# do you wait for a frost to shoot rabbits ?



## tator (Dec 11, 2012)

hey guys,
do i need some good frost before you start shooting rabbits ?
or is there any risk of shooting/eating them now ?

just getting back into hunting rabbits this year. it's been 30 yrs. since i've hunted them last. seems like we've always waited for a frost, but i'm to anxious....

thx,


----------



## michhutr (Jan 16, 2009)

I usually wait until after a good frost. Run you beagle if you got them. Good luck.


----------



## flyfish (Dec 4, 2001)

Ran the dogs yesterday, I generaly don't shoot till first frost. Saw two, still a lot of greenery, tough to see. The dogs have been itchin though. Been a little warm. Going out again this morning.


----------



## sjk984 (Jan 4, 2010)

Shoot only after frost.. my uncle hangs them in trees pre frost. But I dongvwant the dogs getting tangled up with them before a frost

Sent from my DROID RAZR using Ohub Campfire mobile app


----------



## D.Gross (Sep 20, 2005)

Usually wait but if you think about it, the boys down south might not get frost! What do they do? I've shot them early.

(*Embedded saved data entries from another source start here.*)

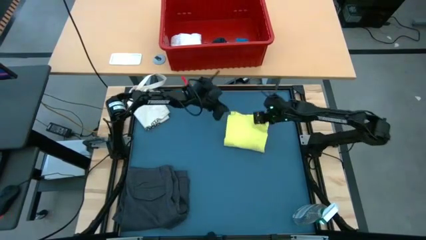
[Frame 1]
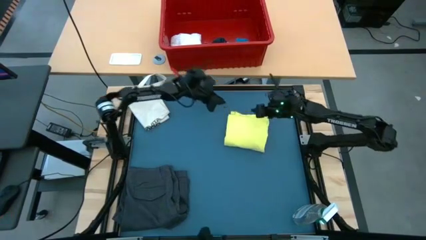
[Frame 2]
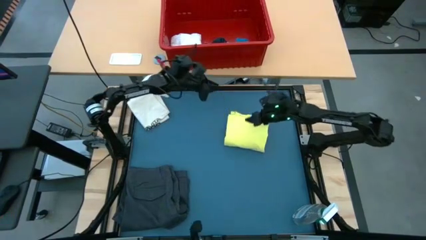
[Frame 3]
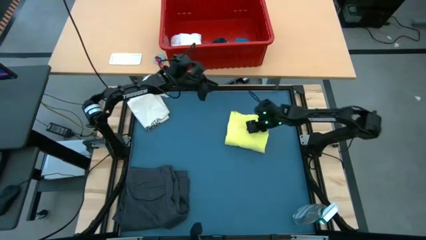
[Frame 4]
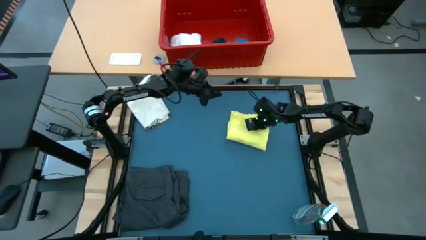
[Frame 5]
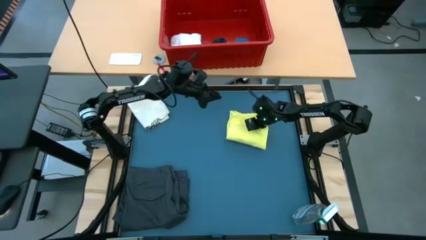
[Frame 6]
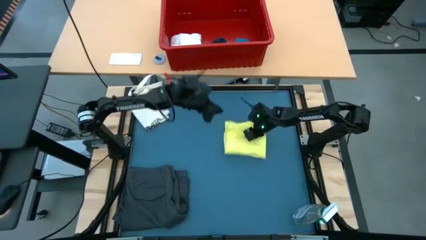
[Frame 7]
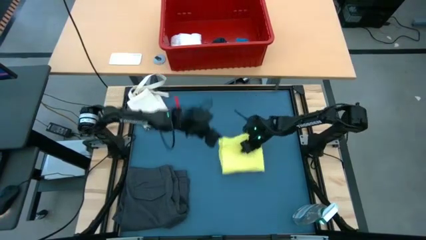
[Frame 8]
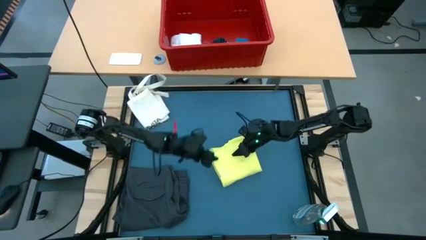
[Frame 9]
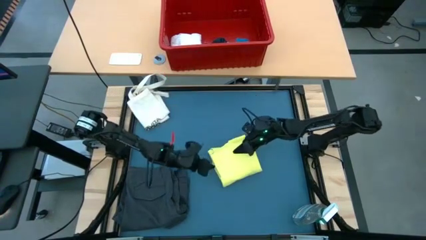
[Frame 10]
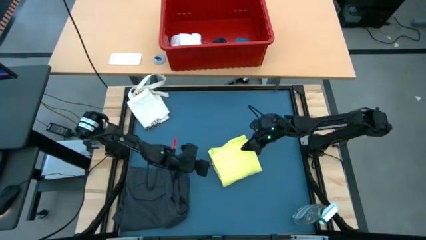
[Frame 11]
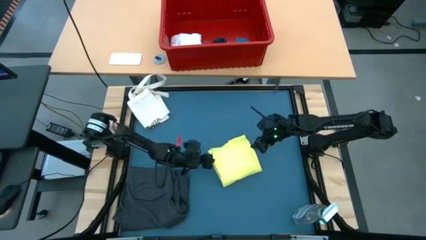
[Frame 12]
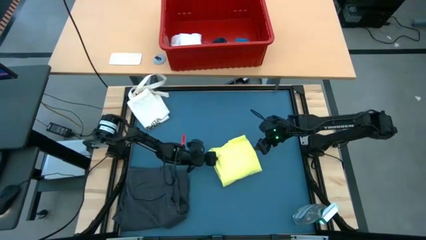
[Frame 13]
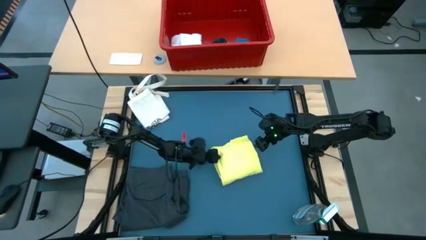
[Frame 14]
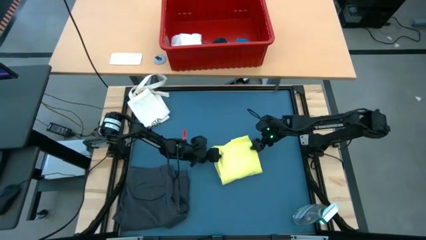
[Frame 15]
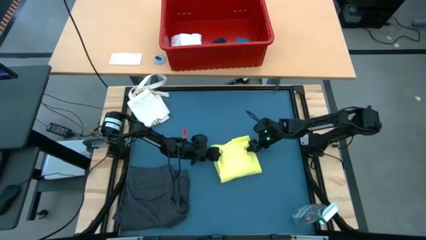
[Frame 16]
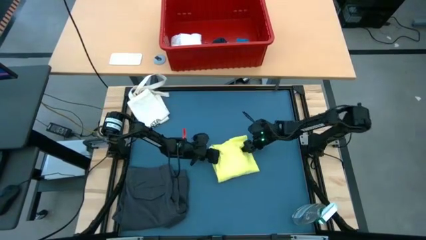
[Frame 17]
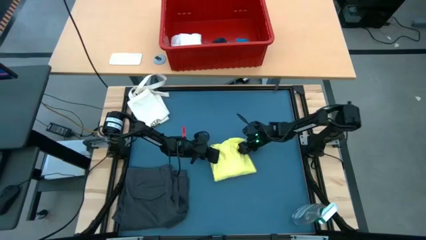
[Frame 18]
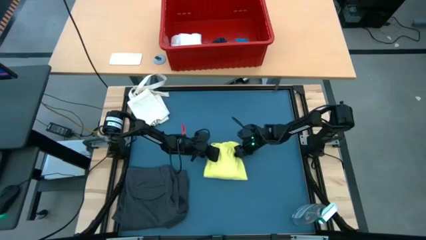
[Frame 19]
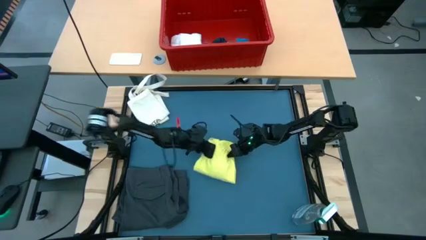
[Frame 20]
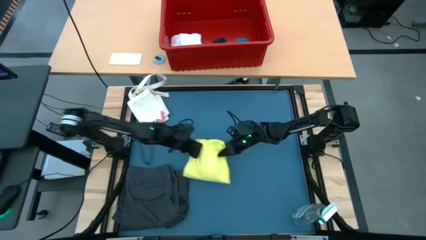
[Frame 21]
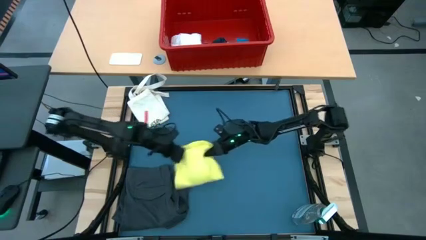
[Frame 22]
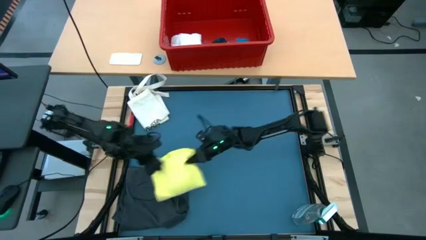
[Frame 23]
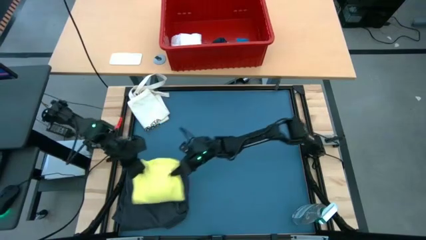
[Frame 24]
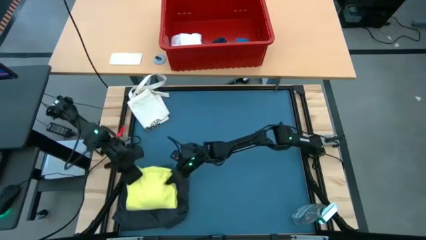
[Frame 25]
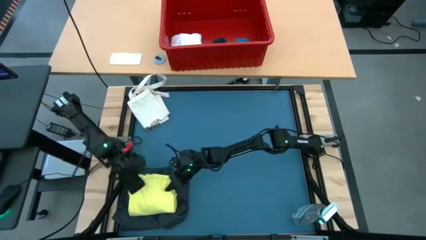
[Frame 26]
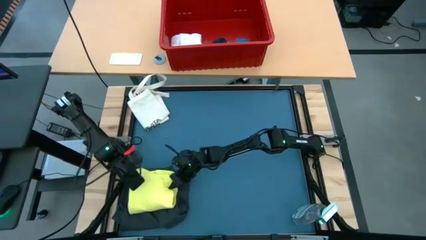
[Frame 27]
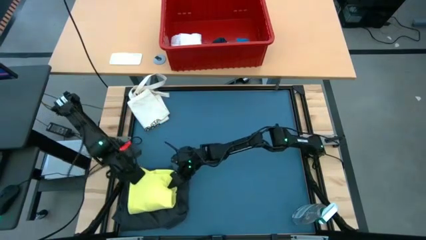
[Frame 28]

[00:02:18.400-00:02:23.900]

If rabbit has the Big T you can usually tell. And when you clean them they'll have spots on liver.I ran my two girls last week one cool morning here in NW Indiana. Only for 1 1/2 hours as was first time out. They ran 3 really well.Still very thick brush.Think we have quite a few rabbits this year. Finally. Yah!!!
Teach


----------



## thisusernamevalid (Sep 14, 2013)

No need to wait. Like D.Gross said, what do they do down south? People used to wait because the first frost would drop ticks, fleas and Bot Flies. Let them lay for 10 minutes or so after you shoot and the parasites will drop off. They leave as soon as they realize the blood isn't flowing. 

Like D.Gross said, watch for a spotted liver, and that's any time. You should wear nitrile or latex gloves when cleaning rabbit as well. 

Do a google search for this subject, lots of info.


----------



## tator (Dec 11, 2012)

what are the liver spots from ?

also, do any of you field dress your rabbits to let the heat out while 
carrying them the rest of the day. i was thinking that might be a good idea on warmer days ?


----------



## thisusernamevalid (Sep 14, 2013)

tator said:


> what are the liver spots from ?
> 
> also, do any of you field dress your rabbits to let the heat out while
> carrying them the rest of the day. i was thinking that might be a good idea on warmer days ?


 
Some folks call it rabbit fever. 



> *Tularemia (Rabbit Fever)*
> 
> *What is Tularemia?*
> Tularemia (also known as rabbit fever or deerfly fever) is an infectious disease in ticks and rabbits that is caused by a bacterium (Francisella tularensis). The disease was first described in Japan in 1837. Its name relates to the description in 1911 of a plague-like illness in ground squirrels in Tulare county, California (hence the name tularemia) and the subsequent work done by Dr. Edward Francis. Tularemia occurs throughout North America and in many parts of Europe and Asia. Francisella tularensis is found worldwide in over a hundred species of wild animals, birds and insects. Some examples of animals, other than rabbits, that carry tularemia are meadow mice, ground hogs (woodchucks), ground squirrels, tree squirrels, beavers, coyotes, muskrats, opossums, sheep, and various game birds.
> ...



Small animals cool quickly enough. You stand a higher risk of contaimination from carrying them around the field all day gutted than you do from spoilage. Plus with the info in the article above, you'll want to take precuations and stay clean when you dress them.


----------



## shotgun12 (Jul 19, 2005)

we shoot rabbits over ferrets here,and it better when the frost is on the ground they seen to bolt better,why i dont know,we do ferret with out the frost as well,and they would bolt wilh a ferret behind them.it is good fun on a sunday morning,we only ferret from,october untill febuary,or till we see young ones about,other wise we shoot rabbits all year round.have fun


----------



## tator (Dec 11, 2012)

thx guys for all your help & great info


----------



## Tagz (Sep 22, 2005)

I wait till it gets colder. Mainly because hard to keep track of the hawk with all the leaves still in the trees.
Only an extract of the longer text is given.